> [Task statement] In the data below, find the line containing "Question: How many" and the line containing "Nodule present: no", then reproduce them and every line between, exactly. Omit pictures.

> [Stored data]
_____
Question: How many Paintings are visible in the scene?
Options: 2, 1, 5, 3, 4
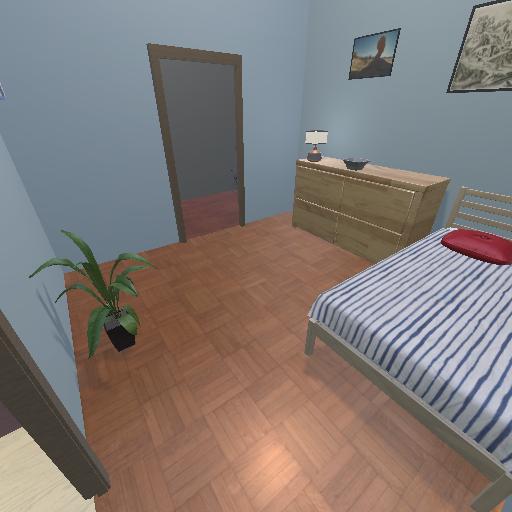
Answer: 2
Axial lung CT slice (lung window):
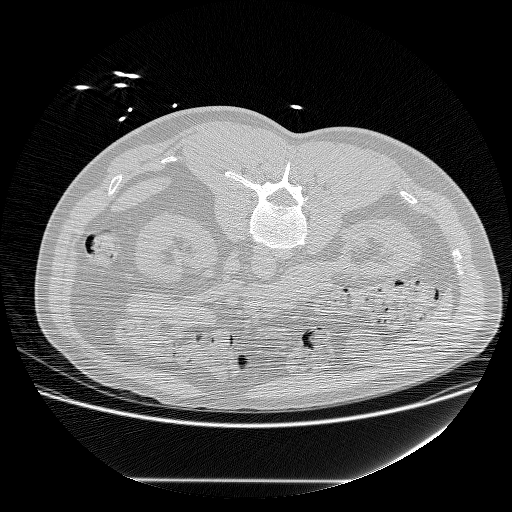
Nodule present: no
_____
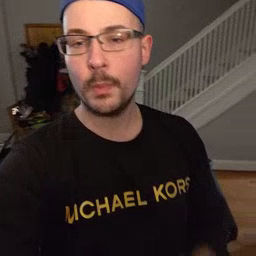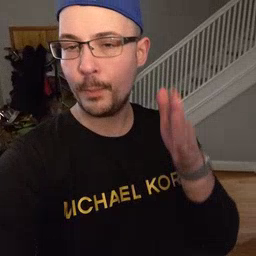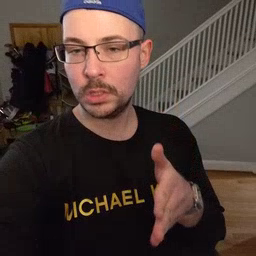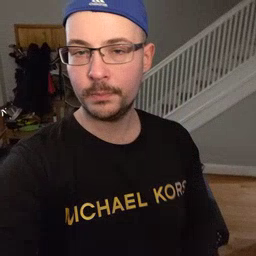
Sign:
_____
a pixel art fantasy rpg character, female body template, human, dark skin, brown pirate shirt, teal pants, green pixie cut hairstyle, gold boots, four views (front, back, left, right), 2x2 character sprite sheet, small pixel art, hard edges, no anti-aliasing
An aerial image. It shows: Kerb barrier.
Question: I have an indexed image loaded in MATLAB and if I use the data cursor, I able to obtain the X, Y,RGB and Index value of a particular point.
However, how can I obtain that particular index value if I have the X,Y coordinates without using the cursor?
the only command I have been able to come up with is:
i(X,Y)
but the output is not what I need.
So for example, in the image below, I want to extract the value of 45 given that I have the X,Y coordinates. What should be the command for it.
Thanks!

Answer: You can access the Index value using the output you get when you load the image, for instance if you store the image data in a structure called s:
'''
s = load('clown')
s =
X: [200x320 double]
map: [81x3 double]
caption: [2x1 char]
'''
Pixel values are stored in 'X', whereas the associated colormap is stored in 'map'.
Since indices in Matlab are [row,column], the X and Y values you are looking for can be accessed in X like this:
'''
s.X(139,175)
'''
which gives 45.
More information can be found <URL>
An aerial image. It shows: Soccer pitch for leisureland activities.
_____
> [Written answer]
Question: How many Paintings are visible in the scene?
Options: 2, 1, 5, 3, 4
Answer: 2
Axial lung CT slice (lung window):
Nodule present: no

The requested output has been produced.